Midden in het gewoel des oorlogs rees, met statigen luister, het praalgebouw van onzen handel, onzer zeeen vrachtvaart, en onzer nijverheid. De aarde zelve wees alleen hare grenzen aan; alle gewesten ontvingen uit onze handen, wat zij behoefden. In 1595 was houtman, alleen door zijnen goeden geleigeest gevoerd, naar Indië gestevend, en reeds in den aanvang der volgende eeuw stond de Oostindische Compagnie in vollen bloei. Met eene aanvankelijke hoofdsom van zes millioenen, waren dikwijls de intresten even groot als de hoofdsom, en toen werd de grond gelegd tot die onmetelijke rijkdommen, welke nog op dezen dag Nederland tot de bank van Europa maken. De magtige Hanze doet ons verwonderd staan; maar nog verbazender was het gezigt, heerlijker het uitwerksel van vaderlandsche vlijt en volharding, toen onmetelijke streken op de beide kusten van Indië, op Ceylon, Java, Sumatra, Celebes, ontelbare steden, Calicut, Cochin, Mannaar, Columbo, Malacca, specerij- en peper-handel, kantoren in China, Japan, aan de Roode Zee, de eigendom waren van een gezelschap kooplieden van een land, dat een naauw zigtbaar stipje op de wereldkaart uitmaakt; toen eenvoudige burgers, voor zich zelve wars van uiterlijk vertoon, hunne dienaren met koninklijke pracht bekleedden, en hunne rijke vloten alle zeeen bedekten. De Kaap de Goede Hoop, waarvan toen alleen de Nederlanders het gewigt gevoelden, verhief zich, tot eer van haren stichter, riebeek, tot eene hoogst wigtige bezitting en voormuur. Deze bezittingen waren niet de roof van onschuldige volken, maar van
Spanjaarden en Portugezen; riebeek had de Kaap van de inwoners gekocht: eene daadzaak, misschien éénig in de geschiedenis der volkplantingen. Brazilië was het onze; tasman drong het eerst tot het Zuidpools-gesternte door; van Kaap Hoorn tot
| |
| |
Spitsbergen, van daar tot van Diemens Land, waren de beide werelden getuigen van onze grootheid.

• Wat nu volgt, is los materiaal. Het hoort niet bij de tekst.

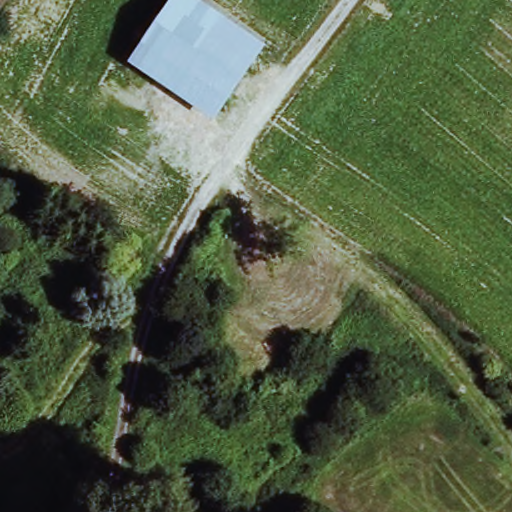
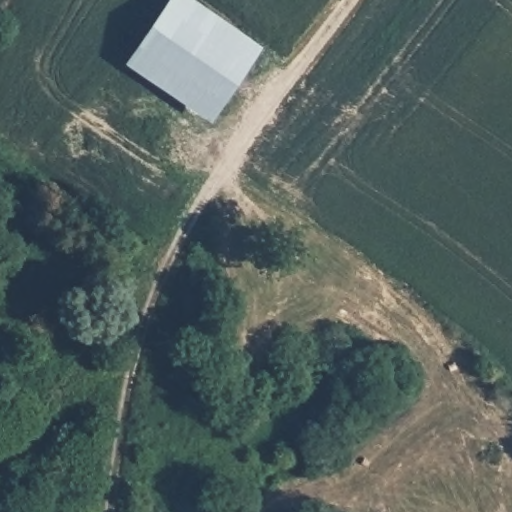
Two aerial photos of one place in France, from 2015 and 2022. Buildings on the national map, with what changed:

Was gansfort vroeger het licht der wereld, had erasmus aan het menschdom en de wetenschappen gewigtige diensten bewezen, schooner en schooner bloeide dit tijdperk door wetenschap en kunst. Gelijk in maurits leger de toekomende veldheer zich vormde, zoo vormden zich onder vossius, heinsius, graevius de letter- en taalkundigen van Europa. Trok, in later tijd, de algemeene bedrevenheid onzer Landgenooten in de wiskunde la lande's bewondering tot zich, vooral in dit tijdperk kan de wiskunde gezegd worden, de wetenschap des volks te zijn; in alle standen werd zij met drift beoefend. Zij was geene dorre bespiegeling: wie kent galileus mededinger niet; wie vergeet hier witsen, en denkt niet met eerbiedige bewondering aan het tooneel, waar het hoofd van staat, de wit, koen het scheepsroer vat, en de vloot uit Texel stuurt? Genoegzaam was het, voor de wetenschappen, de groot te noemen. Onder de zwaarste stormen toch beoefende hij elke wetenschap, en voerde dezelve verder. Zijne werken - de Jure belli et pacis, de veritate Religionis - zijn de eigendom der beschaafde wereld geworden. Wie kent hem niet, als Godgeleerde, Geschiedschrijver en Dichter?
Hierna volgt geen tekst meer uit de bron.